I don't run around telling every pregnant woman I run into that. It's scary and that's not what they need/want to hear. When I think people really, truly want to know what to expect, this is what I tell them. It's going to hurt. I can't adequately explain to you what it feels like or how much it hurts. There is nothing I can compare it to. It's scary to think about when you're pregnant and it's scary to think about after it's over. But in the moment, you'll be calmer and stronger than you think. You'll get through it. It's a few hours out of your life and once it's over, it's over and you'll have your baby.
And I think that's 100% true. I will say that I want to throat punch every woman I know who was pregnant before me and didn't warn me about how bad it SUCKS, though.
I'm probably guilty of that and I'm not trying to make anyone feel bad. DD1 was the world's easiest child and the transition into parenthood was reaaaally smooth for us. When people would say things like "LO is waking up every hour to nurse." I would just be honest "wow, that sucks! DD was sleeping 5-6 hour stretches when we brought her home. I had to set an alarm to wake her up to nurse!" That was just my experience with a newborn. I definitely wasn't trying to say "zomg my baby is way better than your baby and I'm such a good mom and you suck." I just meant "That sucks. We were lucky."
I dunno- sometimes they're not lying. With DD1, I had an almost-perfect pregnancy, which was much easier than I'd ever imagined it would be. Labor went quickly and very well, and while I had to push for 2hrs, I still think it went fast. Recovery was as expected, and I was fine after 2w. BF was hard initially, but that too smoothed out nicely. No stretch marks, no saggy skin, lost the weight quickly, and I was very happy with how I looked by the time I got pg again 8mos PP.
I told the truth about all of it to anyone who asked, but I'm sure it sounded pretty Pollyanna- ish.
With DD2, however? Different story.
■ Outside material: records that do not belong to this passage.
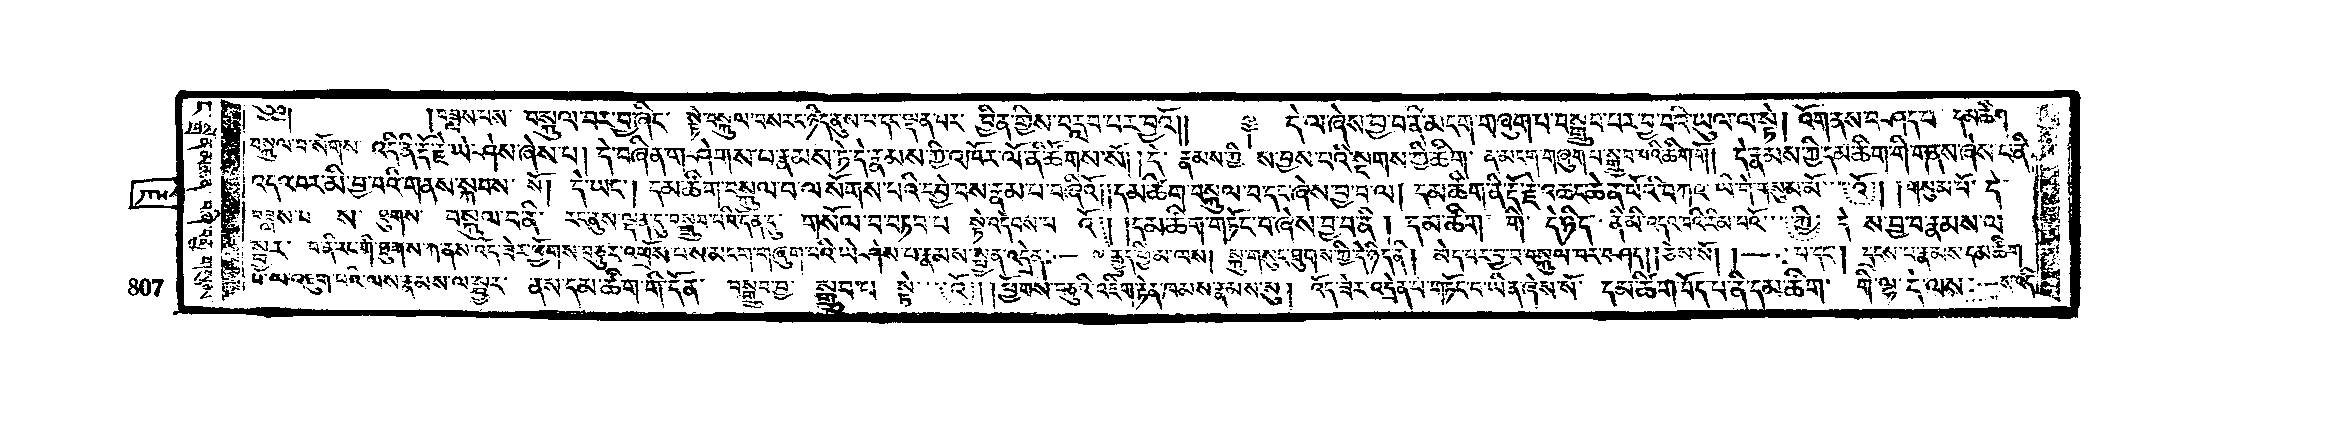༄༅། །བཟླས་པས་བསྐུལ་བར་བྱ་ཞིང་སྟེ་བསྐུལ་བས་རང་ཉིད་ནུས་པ་དང་ལྡན་པར་བྱིན་གྱིས་བརླབ་པར་བྱའོ།། ༈ དེ་ལ་ཞེས་བྱ་བ་ནི་མངག་གཞུག་པ་བསྒྲུབ་པར་བྱ་བའི་ཡུལ་ལ་སྟེ། འོག་ནས་བཤད་པ་དམ་ཚིག་
བསྐུལ་བ་སོགས་འདི་ནི་རྡོ་རྗེ་ཡེ་ཤེས་ཞེས་པ། དེ་བཞིན་གཤེགས་པ་རྣམས་ཏེ་དེ་རྣམས་ཀྱི་འཁོར་ལོ་ནི་ཚོགས་སོ། །དེ་རྣམས་ཀྱིས་བྱས་པའི་སྔགས་ཀྱི་ཚིག་ནི་མངག་བཞུག་པ་སྒྲུབ་པའི་ཚིག་གོ །  དེ་རྣམས་ཀྱི་དམ་ཚིག་གི་གནས་ཞེས་པ་ནི།
འདའ་བར་མི་བྱ་བའི་གནས་སྐབས་སོ།  དེ་ཡང་། དམ་ཚིག་བསྐུལ་བ་ལ་སོགས་པའི་དབྱེ་བས་རྣམ་པ་བཞིའོ། །དམ་ཚིག་བསྐུལ་བ་དང་ཞེས་བྱ་བ་ལ། དམ་ཚིག་ནི་རྡོ་རྗེ་འཆང་ཆེན་པོའི་བཀའ་ཡི་གེ་གསུམ་མོ་འོ། ། གསུམ་པོ་དེ་
བཟླས་པ་ས་ཐུགས་བསྐུལ་བ་ནི་རང་ནུས་ལྡན་དུ་བསྒྲུབ་པའི་དོན་དུ་གསོལ་བ་བཏབ་པ་སྟེ་འདེབས་པའོ། །དམ་ཚིག་གཏོང་བ་ཞེས་བྱ་བ་ནི། དམ་ཚིག་གི་དེ་ཉིད་ནི་མི་འདའ་བའི་རིམ་པའོ་ཀྱི་དེ་ས་བྱ་བ་རྣམས་ལ་
སྦྱར་བ་ནི་རང་གི་ཐུགས་ཀ་ནས་འོད་ཟེར་ཕྱོགས་བཅུར་འཕྲོས་པས་མངག་གཞུག་པའི་ཡེ་ཤེས་པ་རྣམས་སྤྱན་འདྲེནཿ་༧་རྒྱུད་ཕྱི་མ་ལས། སྐུ་གསུང་ཐུགས་ཀྱི་དེ་ཉིད་ནི། མེད་པར་བྱ་བ་བསྐུལ་བར་བཤད། །ཅེས་སོ། །.H པ་དང་། དྲངས་པ་རྣམས་དམ་ཚིག་
པ་ལ་འཇུག་པའི་ལས་རྣམས་ལ་སྦྱར་ནས་དམ་ཚིག་གི་དོན་བསྒྲུབ་བྱ་སྒྲུབ་པ་སྟེ་འོ། ། ཕྱོགས་བཅུའི་འཇིག་རྟེན་ཁམས་རྣམས་སུ། འོད་ཟེར་འདྲེན་པ་གཏོང་བ་ཡིན་ཞེས་སོ་དམ་ཚིག་བོད་པ་ནི་དམ་ཚིག་གི་ལྷ་དེ་ལས་H ས་འདི་

Fairly difficult pregnancy that went to almost 42w, very painful and scary labor, 9.5lb baby, and a long, painful recovery. I have a lot of stretch marks, and nearly 20lbs left to lose. However, the actual delivery (pushing) went very well though, and BFing has been much easier this time. And this LO STTN, and has since 4w, but loathes being put down during the day.
So there's good and bad each time, and everyone's experiences are different, even from kid to kid. But you cannot assume that a woman is lying if she makes it sound all PnR. It may have been for her... It may not be next time... Either way, who knows?
honestly, I found it pretty easy. But I'm lucky, I have an easy baby and I'm someone who just doesn't need much sleep.
I don't spout off about it, but if someone asks, I'm honest. Why should I make it sound harder than it was for me? But I do make sure I'm clear that I'm rare and i was just lucky.